## DATA RECORDS

----------------------------------------

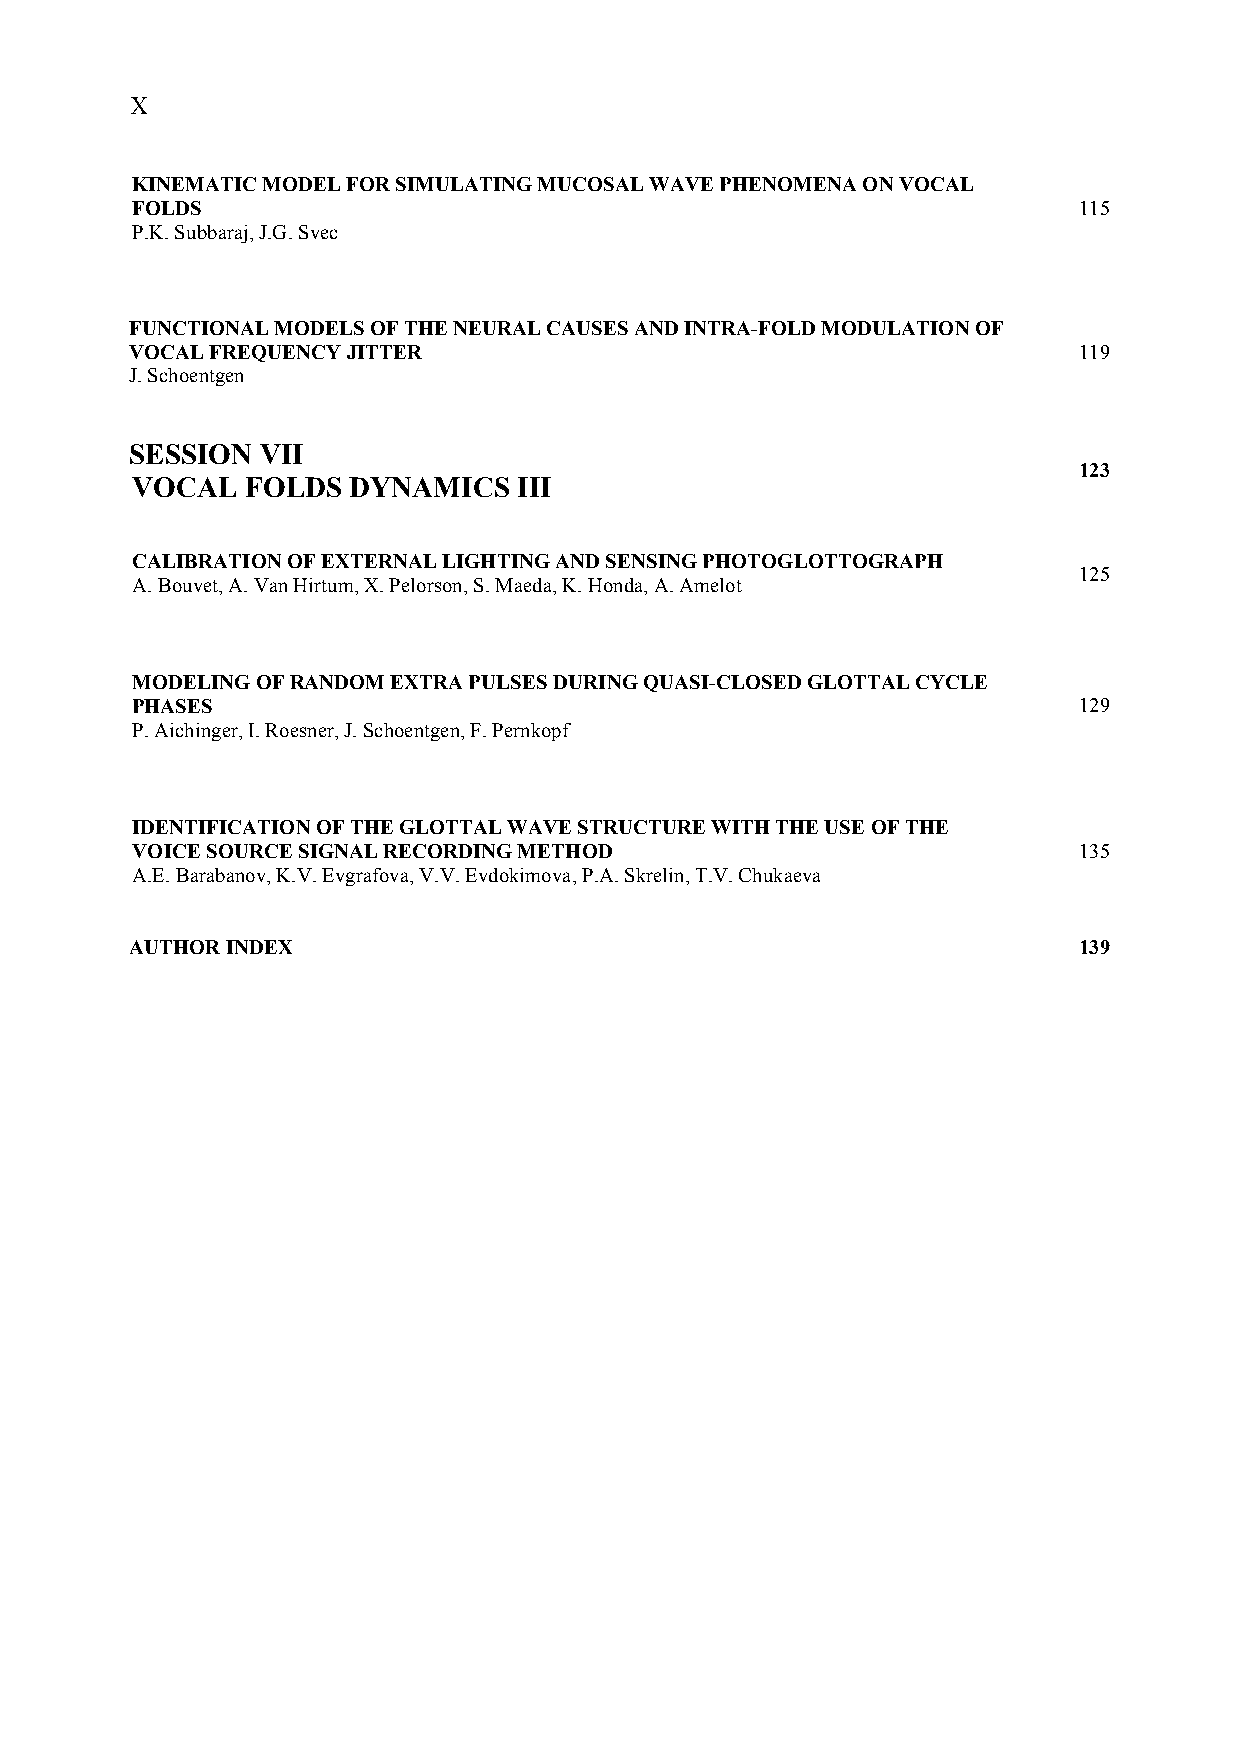
X
 KINEMATIC MODEL FOR SIMULATING MUCOSAL WAVE PHENOMENA ON VOCAL
 FOLDS                                                         115
 P.K. Subbaraj, J.G. Svec
 FUNCTIONAL MODELS OF THE NEURAL CAUSES AND INTRA-FOLD MODULATION OF
 VOCAL FREQUENCY JITTER                                        119
 J.Schoentgen
 SESSION VII
 123
 VOCAL  FOLDS  DYNAMICS   III
 CALIBRATION OF EXTERNAL LIGHTING AND SENSING PHOTOGLOTTOGRAPH
 125
 A.Bouvet, A. Van Hirtum, X. Pelorson, S. Maeda, K. Honda, A. Amelot
 MODELING OF RANDOM EXTRA PULSES DURING QUASI-CLOSED GLOTTAL CYCLE
 PHASES                                                        129
 P.Aichinger, I. Roesner, J. Schoentgen, F. Pernkopf
 IDENTIFICATION OF THE GLOTTAL WAVE STRUCTURE WITH THE USE OF THE
 VOICE SOURCE SIGNAL RECORDING METHOD                          135
 A.E. Barabanov, K.V. Evgrafova, V.V. Evdokimova, P.A. Skrelin, T.V. Chukaeva
 AUTHOR INDEX                                                  139
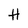
Character: H
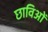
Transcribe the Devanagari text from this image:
छाविओं
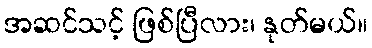
အဆင်သင့် ဖြစ်ပြီလား၊ နုတ်မယ်။

----------------------------------------

## EXERCISE BRIEF
Please return exactly, and only, the lines from the one containing "P.K. Subbaraj, J.G. Svec" through the end of the records, with both end lines kept and every picture dropped.

## SOLUTION TO THE PROBLEM
 P.K. Subbaraj, J.G. Svec
 FUNCTIONAL MODELS OF THE NEURAL CAUSES AND INTRA-FOLD MODULATION OF
 VOCAL FREQUENCY JITTER                                        119
 J.Schoentgen
 SESSION VII
 123
 VOCAL  FOLDS  DYNAMICS   III
 CALIBRATION OF EXTERNAL LIGHTING AND SENSING PHOTOGLOTTOGRAPH
 125
 A.Bouvet, A. Van Hirtum, X. Pelorson, S. Maeda, K. Honda, A. Amelot
 MODELING OF RANDOM EXTRA PULSES DURING QUASI-CLOSED GLOTTAL CYCLE
 PHASES                                                        129
 P.Aichinger, I. Roesner, J. Schoentgen, F. Pernkopf
 IDENTIFICATION OF THE GLOTTAL WAVE STRUCTURE WITH THE USE OF THE
 VOICE SOURCE SIGNAL RECORDING METHOD                          135
 A.E. Barabanov, K.V. Evgrafova, V.V. Evdokimova, P.A. Skrelin, T.V. Chukaeva
 AUTHOR INDEX                                                  139
Character: H
Transcribe the Devanagari text from this image:
छाविओं
အဆင်သင့် ဖြစ်ပြီလား၊ နုတ်မယ်။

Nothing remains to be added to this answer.